The headline thresholds for companies that are required to be audited have not changed for a number of years: £10.2m turnover; £5.1 assets; and 50 staff.  However, below the surface are a number of exceptions and you will need to consider these when assessing if your company or group requires an audit this year or next.   Hence, the rules are complex and require some careful analysis.

It is often not clear due to the complex nature of the rules whether an audit would be required.  So if you are unsure either speak to your existing accountant or feel free to contact Andrew Millet.

Ultimately it is the director’s responsibility to get this right.  The accountants have a duty of care to their clients to advise the client if an audit is required; and the accountants should not continue its engagement if the client fails to take their advice.  Due to the requirement for accountants to carry out professional enquiries on new client from the outgoing accountants any new accountant ought to not accept an appointment if the client is still maintaining that they wish to avoid an audit.

If you discover that your company or group should have been audited when it was not then you are strongly advised to take legal advice.   Directors also ought to notify their D&O insurers and most notably the accountants need to be advised; so that the accountants can rectify the situation.   Amended financial statements with an audit report should be submitted to Companies House.  The original financial statements will remain on file.  Companies Act  2006 Section 1074 allows the removal of “unnecessary material” from Companies House and therefore one may be able to argue with Companies House to remove the original unaudited financial statements.
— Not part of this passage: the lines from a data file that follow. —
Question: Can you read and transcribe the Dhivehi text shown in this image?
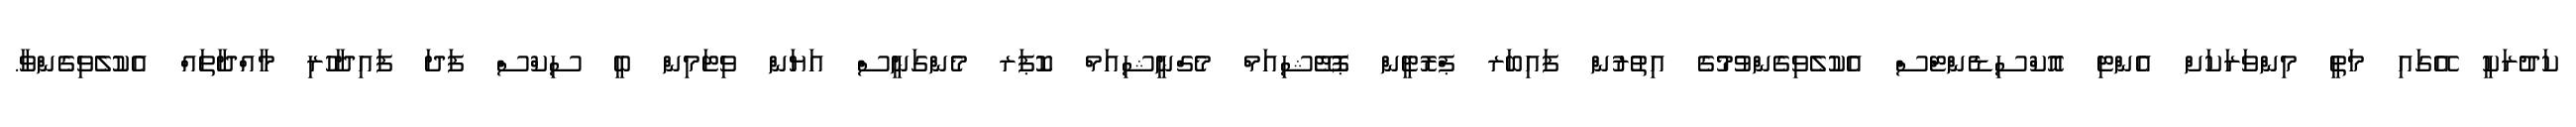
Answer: ކަދުރަކީ އޭގައި މަތީ މިންވަރަކަށް އެންޓި އޮކްސިޑެންޓްސް އެކުލެވިގެންވުމުގެ އިތުރުން ފައިބަރ ޕްރޮޓީން ޕޮޓޭޝިއަމް މެގްނީޝިއަމް ކޮޕަރ މެންގަނީސް އަޔަން ވިޓަމިން ބީ ސިކްސް ފަދަ ފައިދާހުރި މާއްދާތައް އެކުލެވިގެންވާ.
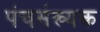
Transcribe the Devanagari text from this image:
पंचसंख्यक
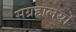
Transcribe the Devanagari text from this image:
सग्रहालयों
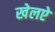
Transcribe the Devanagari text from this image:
खेलऐ
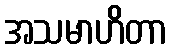
အသမာဟိတာ
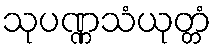
သုပဏ္ဏသံယုတ္တံ
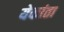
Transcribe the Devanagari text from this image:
येकांता
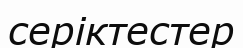
серіктестер
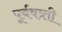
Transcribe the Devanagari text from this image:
पूर्ववत्र्ती
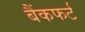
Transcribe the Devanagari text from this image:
बैंकफर्ट
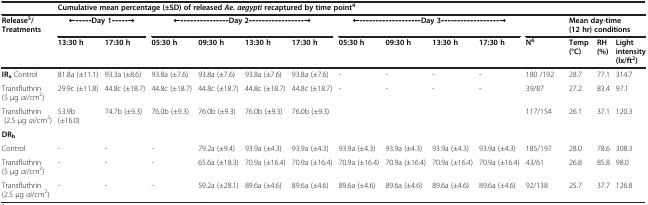
<table><thead><tr><td><b> </b></td><td colspan="10"><b>Cumulative mean percentage (±SD) of released <i>Ae. aegypti </i>recaptured by time point<sup>4</sup></b></td><td colspan="4"><b> </b></td></tr></thead><tbody><tr><td><b>Release</b><sup><b>5</b></sup><b>/</b><b>Treatments</b></td><td colspan="2">←‒‒‒‒‒<b>Day 1</b>‒‒‒‒‒→</td><td colspan="4">←‒‒‒‒‒‒‒‒‒‒‒‒‒‒‒<b>Day 2</b>‒‒‒‒‒‒‒‒‒‒‒‒‒‒‒‒‒→</td><td colspan="4">←‒‒‒‒‒‒‒‒‒‒‒‒‒‒‒‒‒‒‒<b>Day 3</b>‒‒‒‒‒‒‒‒‒‒‒‒‒‒‒‒‒‒→</td><td> </td><td colspan="3"><b>Mean day-time (12 hr) conditions</b></td></tr><tr><td> </td><td><b>13:30 h</b></td><td><b>17:30 h</b></td><td><b>05:30 h</b></td><td><b>09:30 h</b></td><td><b>13:30 h</b></td><td><b>17:30 h</b></td><td><b>05:30 h</b></td><td><b>09:30 h</b></td><td><b>13:30 h</b></td><td><b>17:30 h</b></td><td>N<sup>6</sup></td><td><b>Temp (°C)</b></td><td><b>RH (%)</b></td><td>Light intensity (lx/ft<sup>2</sup>)</td></tr><tr><td><b>IR</b><sub><b>a</b></sub> Control</td><td>81.8a (±11.1)</td><td>93.3a (±8.6)</td><td>93.8a (±7.6)</td><td>93.8a (±7.6)</td><td>93.8a (±7.6)</td><td>93.8a (±7.6)</td><td>-</td><td>-</td><td>-</td><td>-</td><td>180 /192</td><td>28.7</td><td>77.1</td><td>314.7</td></tr><tr><td>Transfluthrin (5 μg <i>ai</i>/cm<sup>2</sup>)</td><td>29.9c (±11.8)</td><td>44.8c (±18.7)</td><td>44.8c (±18.7)</td><td>44.8c (±18.7)</td><td>44.8c (±18.7)</td><td>44.8c (±18.7)</td><td>-</td><td>-</td><td>-</td><td>-</td><td>39/87</td><td>27.2</td><td>83.4</td><td>97.1</td></tr><tr><td>Transfluthrin (2.5 μg <i>ai</i>/cm<sup>2</sup>)</td><td>53.9b (±16.0)</td><td>74.7b (±9.3)</td><td>76.0b (±9.3)</td><td>76.0b (±9.3)</td><td>76.0b (±9.3)</td><td>76.0b (±9.3)</td><td> </td><td> </td><td> </td><td> </td><td>117/154</td><td>26.1</td><td>37.1</td><td>120.3</td></tr><tr><td><b>DR</b><sub><b>b</b></sub></td><td> </td><td> </td><td> </td><td> </td><td> </td><td> </td><td> </td><td> </td><td> </td><td> </td><td> </td><td> </td><td> </td><td> </td></tr><tr><td>Control</td><td>-</td><td>-</td><td>-</td><td>79.2a (±9.4)</td><td>93.9a (±4.3)</td><td>93.9a (±4.3)</td><td>93.9a (±4.3)</td><td>93.9a (±4.3)</td><td>93.9a (±4.3)</td><td>93.9a (±4.3)</td><td>185/197</td><td>28.0</td><td>78.6</td><td>308.3</td></tr><tr><td>Transfluthrin (5 μg <i>ai</i>/cm<sup>2</sup>)</td><td>-</td><td>-</td><td>-</td><td>65.6a (±18.3)</td><td>70.9a (±16.4)</td><td>70.9a (±16.4)</td><td>70.9a (±16.4)</td><td>70.9a (±16.4)</td><td>70.9a (±16.4)</td><td>70.9a (±16.4)</td><td>43/61</td><td>26.8</td><td>85.8</td><td>98.0</td></tr><tr><td>Transfluthrin (2.5 μg <i>ai</i>/cm<sup>2</sup>)</td><td>-</td><td>-</td><td>-</td><td>59.2a (±28.1)</td><td>89.6a (±4.6)</td><td>89.6a (±4.6)</td><td>89.6a (±4.6)</td><td>89.6a (±4.6)</td><td>89.6a (±4.6)</td><td>89.6a (±4.6)</td><td>92/138</td><td>25.7</td><td>37.7</td><td>126.8</td></tr></tbody></table>
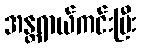
အန္တရာယ်ကင်းပြီး

The risk of getting this wrong for the directors could be catastrophic especially if the company then fails within the next few years.  It is quite possible that the courts would find the directors negligent and in breach of their duty.   It is also quite possible that the directors would be considered for disqualification as a director.  Creditors may also attempt to sue the directors personally.
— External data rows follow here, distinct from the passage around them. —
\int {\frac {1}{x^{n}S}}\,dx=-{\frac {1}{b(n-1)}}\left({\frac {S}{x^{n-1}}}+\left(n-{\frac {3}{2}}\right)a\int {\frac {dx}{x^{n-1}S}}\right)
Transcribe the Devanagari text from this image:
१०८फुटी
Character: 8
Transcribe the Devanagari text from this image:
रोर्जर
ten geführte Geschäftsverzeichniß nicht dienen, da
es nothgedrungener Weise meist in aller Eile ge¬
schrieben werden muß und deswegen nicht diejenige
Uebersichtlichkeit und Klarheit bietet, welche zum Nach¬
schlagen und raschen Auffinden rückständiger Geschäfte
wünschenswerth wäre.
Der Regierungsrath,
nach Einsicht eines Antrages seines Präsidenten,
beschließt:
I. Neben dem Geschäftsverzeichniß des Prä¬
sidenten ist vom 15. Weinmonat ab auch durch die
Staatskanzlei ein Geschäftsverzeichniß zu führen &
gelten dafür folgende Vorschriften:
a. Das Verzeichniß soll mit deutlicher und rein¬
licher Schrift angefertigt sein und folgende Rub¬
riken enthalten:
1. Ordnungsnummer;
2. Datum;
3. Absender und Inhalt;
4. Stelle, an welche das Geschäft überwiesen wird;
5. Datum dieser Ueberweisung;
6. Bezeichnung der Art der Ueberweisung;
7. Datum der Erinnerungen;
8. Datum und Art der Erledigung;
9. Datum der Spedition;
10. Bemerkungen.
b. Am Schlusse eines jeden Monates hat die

Attached are some related articles:

https://www.wisteria.co.uk/2017/06/20/audit-threshold-private-limited-companies/

https://www.wisteria.co.uk/2019/02/22/the-benefits-of-a-financial-audit/

https://www.wisteria.co.uk/2018/11/20/what-is-auditing-and-why-is-it-necessary/

Speak to the Professionals

Getting your financial statements audited can add real value to your business. It can help you spot weaknesses in your internal controls, improve business processes and boost the public perception of your company. Here, at Wisteria, our experienced, highly skilled audit team can give you the tools you need to take your business to the next level; we’ll advise you on current business trends, help you get investment-ready and optimise your profits. If you have any questions, contact us today.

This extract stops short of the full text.